For the sake of argument let’s say that the data since 2009 is of better quality than the prior data. I don’t think I’m qualified to judge that and so I will leave it to others who know the data better than I do, but let’s go with it for the sake of argument. Since 2009, scoring chances and Corsi have been comparably predictive, and for nearly a decade scoring chances have in fact provided better predictive value. I think there is a pretty good argument at this point that scoring chances are actually the superior metric. However, I would also argue that at this point there is no argument for using expected goals for evaluating teams. Scoring chances are consistently better by a reasonably large margin during the entire period for which we have data. There is no point at which xG is the most predictive of the statistics I’ve looked at.
Splitting Out Offence and Defence
I’m going to get into a point I’ve made in my previous research on scoring chances, and something I’ve been arguing pretty consistently since that time. It’s something that I’ve not been able to convince a lot of other people of, but I’m going to take another crack at it here:
Offence and defence are not two sides of the same coin, and we probably shouldn’t treat them the same way.
It is true that scoring chances have been better at predicting team level goal ratio over the past decade or so than Corsi has. But it is important to note that this improvement is based entirely on being better at predicting goal scoring. Corsi is still better, by quite a large margin, at predicting goal prevention.
Let’s look specifically at the most recent 5 seasons, the time period when the advantage for scoring chances has been at its largest.

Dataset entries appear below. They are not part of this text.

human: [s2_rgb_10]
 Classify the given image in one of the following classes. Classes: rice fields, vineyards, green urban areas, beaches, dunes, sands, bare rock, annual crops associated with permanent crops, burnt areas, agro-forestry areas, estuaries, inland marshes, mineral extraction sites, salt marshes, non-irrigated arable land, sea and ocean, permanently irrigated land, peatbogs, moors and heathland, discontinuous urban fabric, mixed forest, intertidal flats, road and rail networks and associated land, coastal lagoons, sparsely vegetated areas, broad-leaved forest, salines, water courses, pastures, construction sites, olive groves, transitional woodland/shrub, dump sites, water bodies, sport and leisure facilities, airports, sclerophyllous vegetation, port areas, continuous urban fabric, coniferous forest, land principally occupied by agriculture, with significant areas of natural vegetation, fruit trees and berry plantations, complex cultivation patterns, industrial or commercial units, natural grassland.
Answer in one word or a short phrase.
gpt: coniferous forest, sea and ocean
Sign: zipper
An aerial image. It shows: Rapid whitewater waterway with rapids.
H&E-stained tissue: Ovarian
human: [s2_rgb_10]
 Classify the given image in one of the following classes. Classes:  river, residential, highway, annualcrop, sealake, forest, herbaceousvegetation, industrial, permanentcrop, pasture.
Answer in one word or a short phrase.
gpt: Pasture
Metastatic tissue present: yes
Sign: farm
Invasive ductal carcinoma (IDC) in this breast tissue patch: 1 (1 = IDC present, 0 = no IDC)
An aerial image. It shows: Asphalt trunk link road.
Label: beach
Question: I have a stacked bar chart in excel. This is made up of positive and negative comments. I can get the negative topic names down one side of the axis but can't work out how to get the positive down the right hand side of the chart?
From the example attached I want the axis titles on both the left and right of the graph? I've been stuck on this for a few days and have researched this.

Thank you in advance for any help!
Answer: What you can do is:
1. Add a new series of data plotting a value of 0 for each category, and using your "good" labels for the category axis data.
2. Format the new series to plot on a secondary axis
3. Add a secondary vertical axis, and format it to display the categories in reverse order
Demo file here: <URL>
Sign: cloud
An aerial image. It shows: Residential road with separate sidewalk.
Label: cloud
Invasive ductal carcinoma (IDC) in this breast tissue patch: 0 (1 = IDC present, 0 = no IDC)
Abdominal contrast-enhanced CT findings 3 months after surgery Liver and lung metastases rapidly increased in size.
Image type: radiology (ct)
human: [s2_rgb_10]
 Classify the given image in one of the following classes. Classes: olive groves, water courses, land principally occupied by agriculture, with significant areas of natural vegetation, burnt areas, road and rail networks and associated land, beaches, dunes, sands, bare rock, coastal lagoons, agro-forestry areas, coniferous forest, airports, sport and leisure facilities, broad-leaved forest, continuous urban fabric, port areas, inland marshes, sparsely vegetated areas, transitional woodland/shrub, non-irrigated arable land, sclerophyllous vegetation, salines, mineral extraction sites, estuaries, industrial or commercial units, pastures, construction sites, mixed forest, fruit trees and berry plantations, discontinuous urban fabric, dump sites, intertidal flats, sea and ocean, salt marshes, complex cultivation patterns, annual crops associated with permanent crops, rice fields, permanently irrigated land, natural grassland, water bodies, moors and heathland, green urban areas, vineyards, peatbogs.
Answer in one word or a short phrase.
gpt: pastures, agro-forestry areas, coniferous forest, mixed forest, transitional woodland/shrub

It’s worth noting that this matches what I’ve found in my previous research on scoring chances (it is also true of expected goals).
You will have a better idea which teams are good at scoring goals by looking at quality-adjusted metrics, but you’ll get a better idea about which teams are good at preventing goals by looking at pure shot attempts. We don’t have any good metrics at the moment that account for this distinction, but I think it’s a pretty promising avenue for future research (and something I’m hoping to find time this off-season to tackle myself).

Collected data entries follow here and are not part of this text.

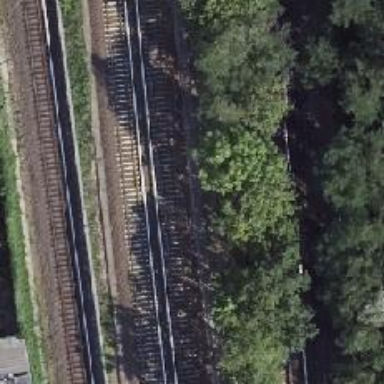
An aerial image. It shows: Light rail electrified railway.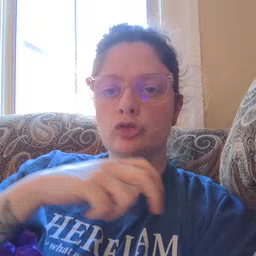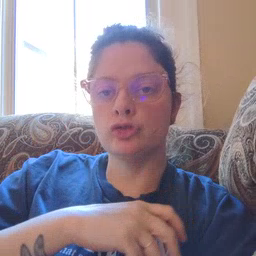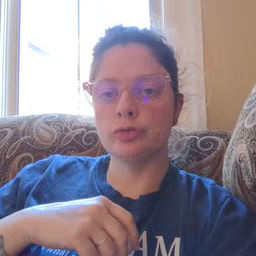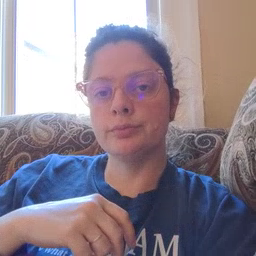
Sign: stairs
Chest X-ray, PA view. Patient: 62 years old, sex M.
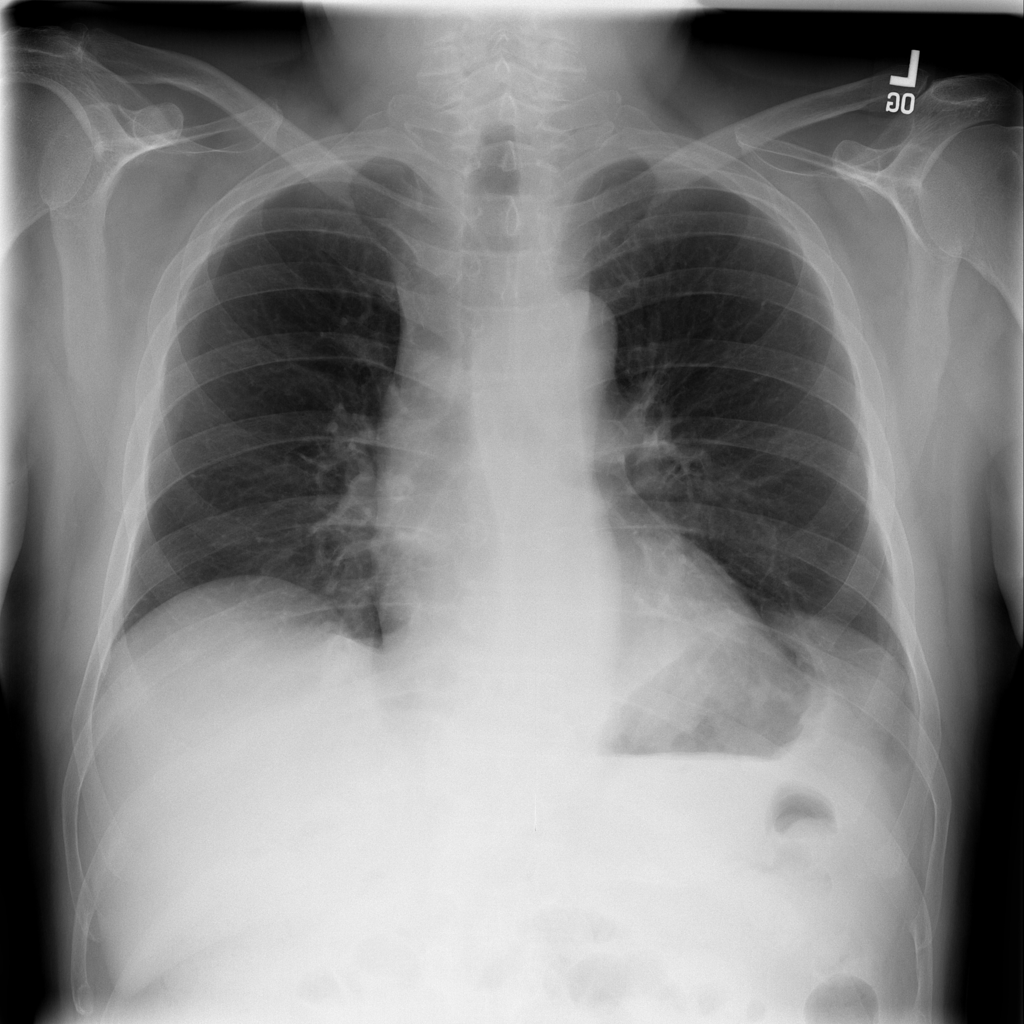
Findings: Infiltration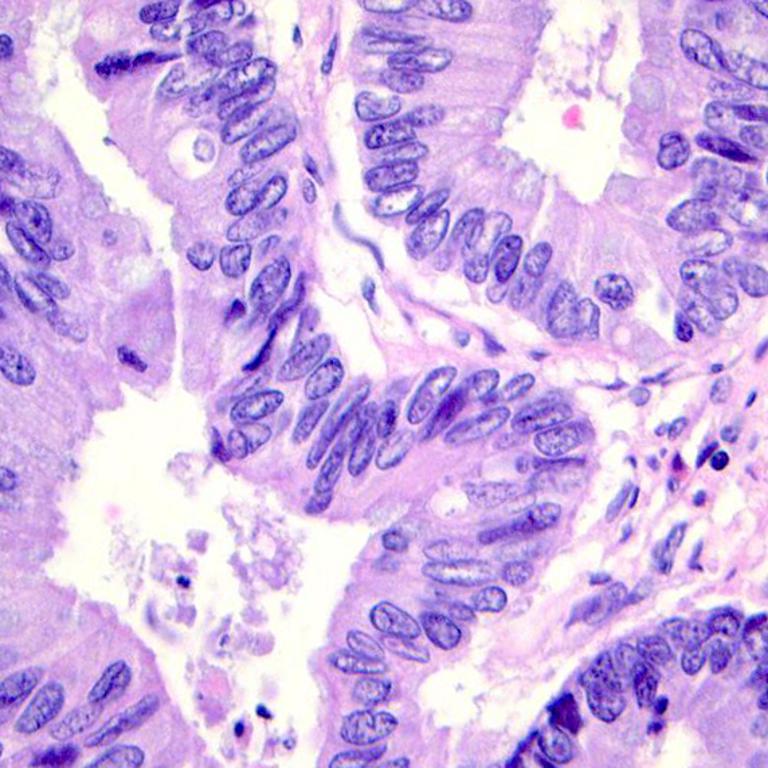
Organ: colon
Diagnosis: adenocarcinomas

To sum up in a few points:
- Expected goals are not the most predictive measure over any time period for which we have shot location data.
- Over the full time period available, Corsi is the most predictive metric.
- In more recent years scoring chances have been the best metric, although it’s not clear whether that’s due to something fundamental changing in the results or if it’s just natural variation over time.
- You’re better off describing offence and defence using different metrics, because shot quality seems to matter more on offence than on defence.